BEGIN Dataset content

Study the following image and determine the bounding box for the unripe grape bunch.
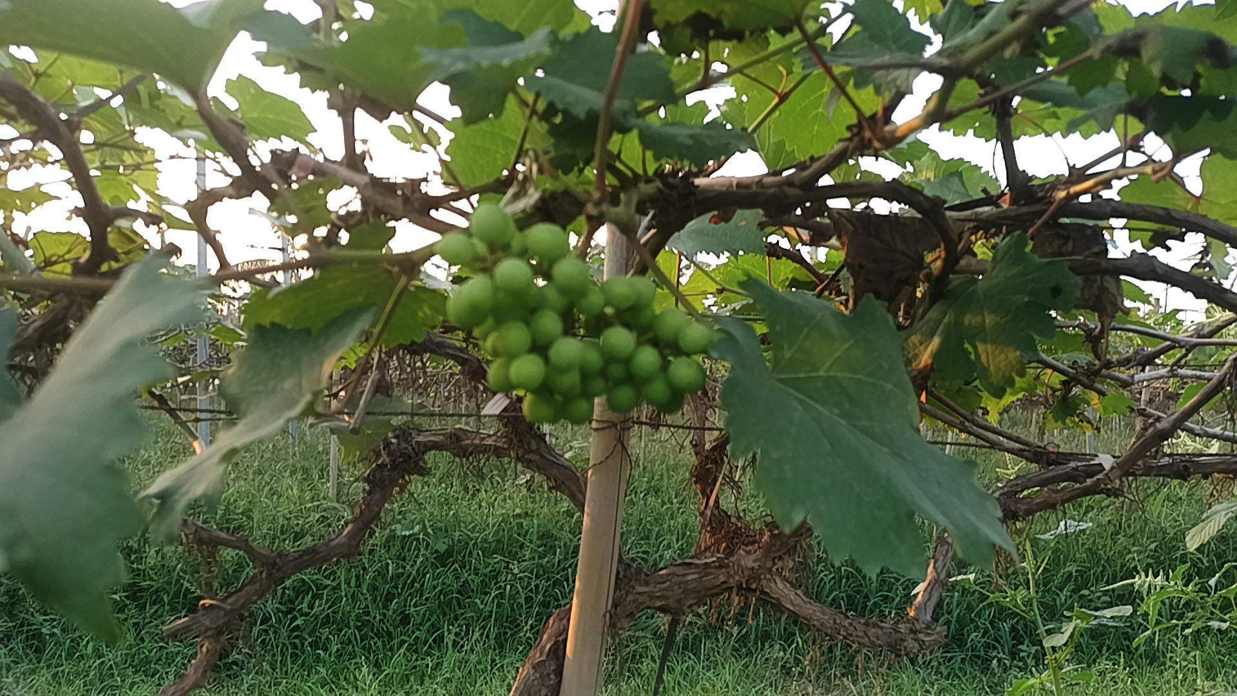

END Dataset content
BEGIN Dataset content

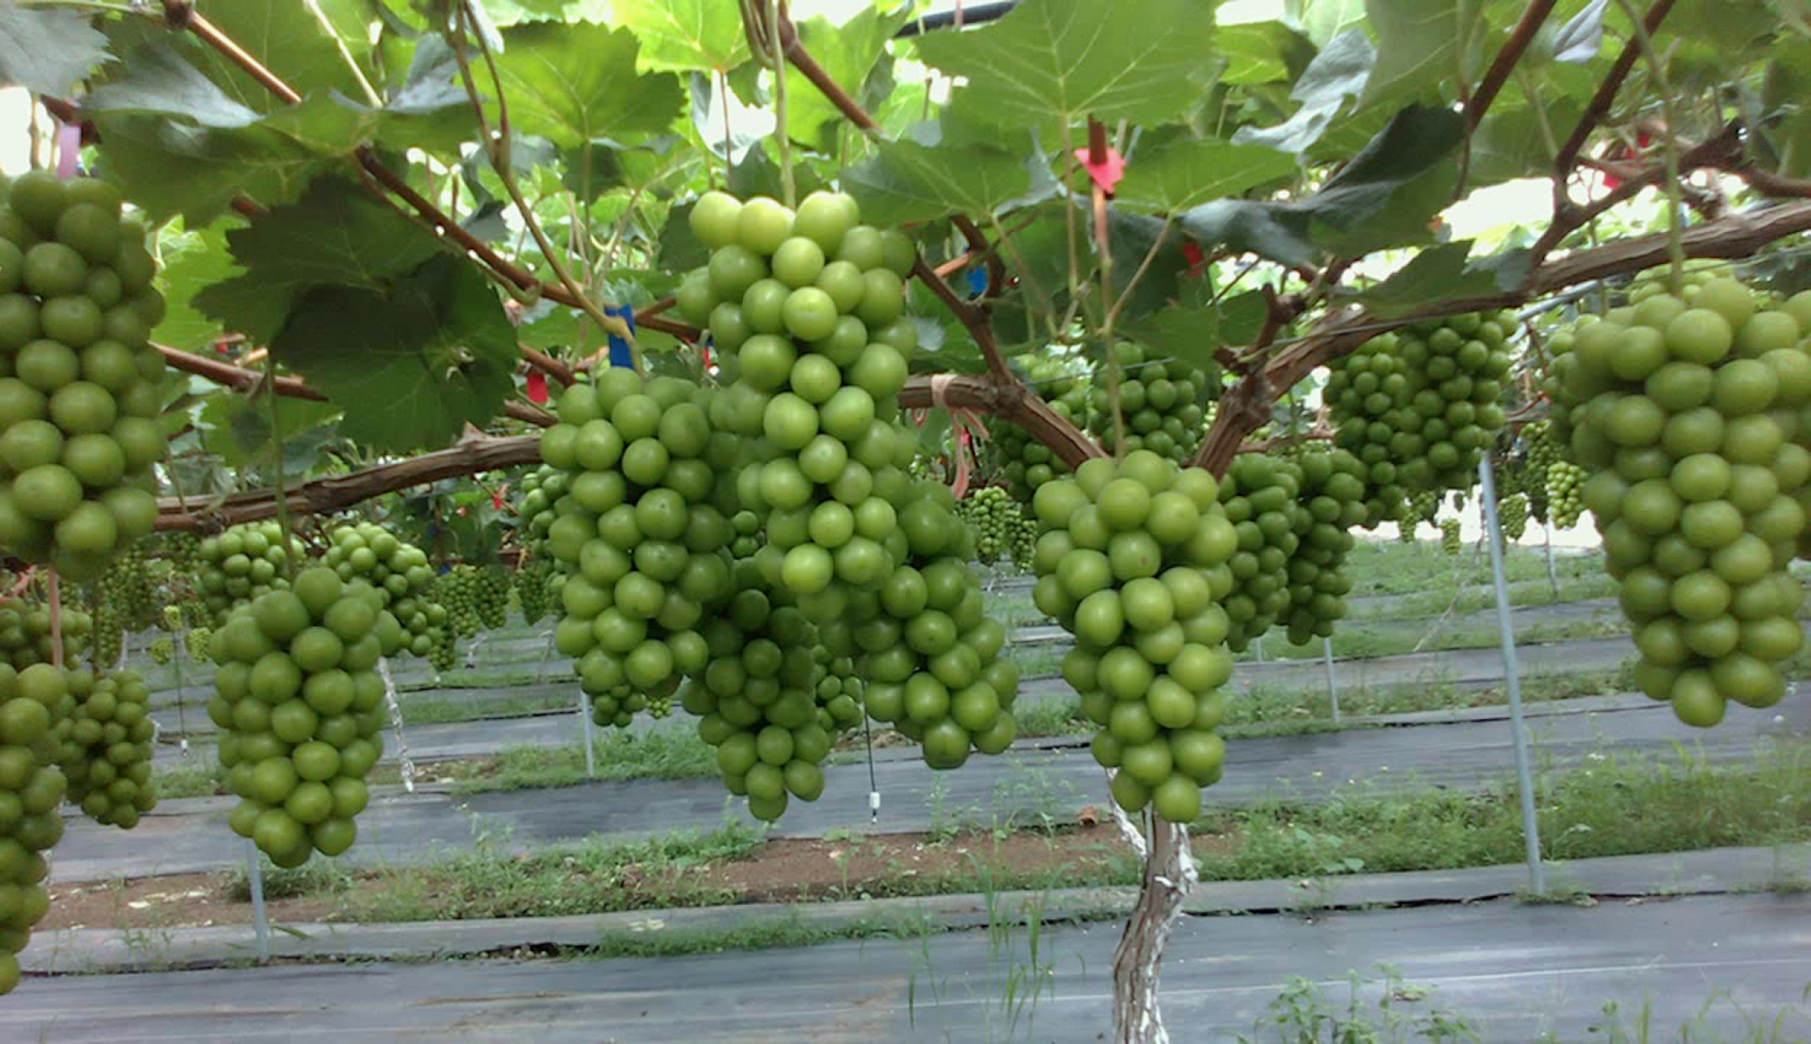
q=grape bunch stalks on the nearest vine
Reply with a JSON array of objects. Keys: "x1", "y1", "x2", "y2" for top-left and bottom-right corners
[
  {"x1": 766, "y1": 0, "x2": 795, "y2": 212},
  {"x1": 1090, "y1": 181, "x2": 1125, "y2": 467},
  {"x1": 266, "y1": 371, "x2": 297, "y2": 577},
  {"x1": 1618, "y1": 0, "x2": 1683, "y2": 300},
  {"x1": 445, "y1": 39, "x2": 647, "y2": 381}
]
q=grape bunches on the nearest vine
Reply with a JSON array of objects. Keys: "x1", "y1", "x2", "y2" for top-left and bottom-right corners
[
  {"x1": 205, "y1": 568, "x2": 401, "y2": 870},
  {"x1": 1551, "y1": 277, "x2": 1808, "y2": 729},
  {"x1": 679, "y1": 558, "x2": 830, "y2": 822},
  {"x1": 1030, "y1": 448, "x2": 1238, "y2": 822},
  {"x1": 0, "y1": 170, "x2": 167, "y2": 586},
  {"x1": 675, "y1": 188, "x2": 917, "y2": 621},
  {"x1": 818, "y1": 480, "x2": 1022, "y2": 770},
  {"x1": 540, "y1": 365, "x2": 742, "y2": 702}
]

END Dataset content

### What is required
Once you have read the records above, say how many of their lines contain the word "vine", giving only that figure.

### The completed task
2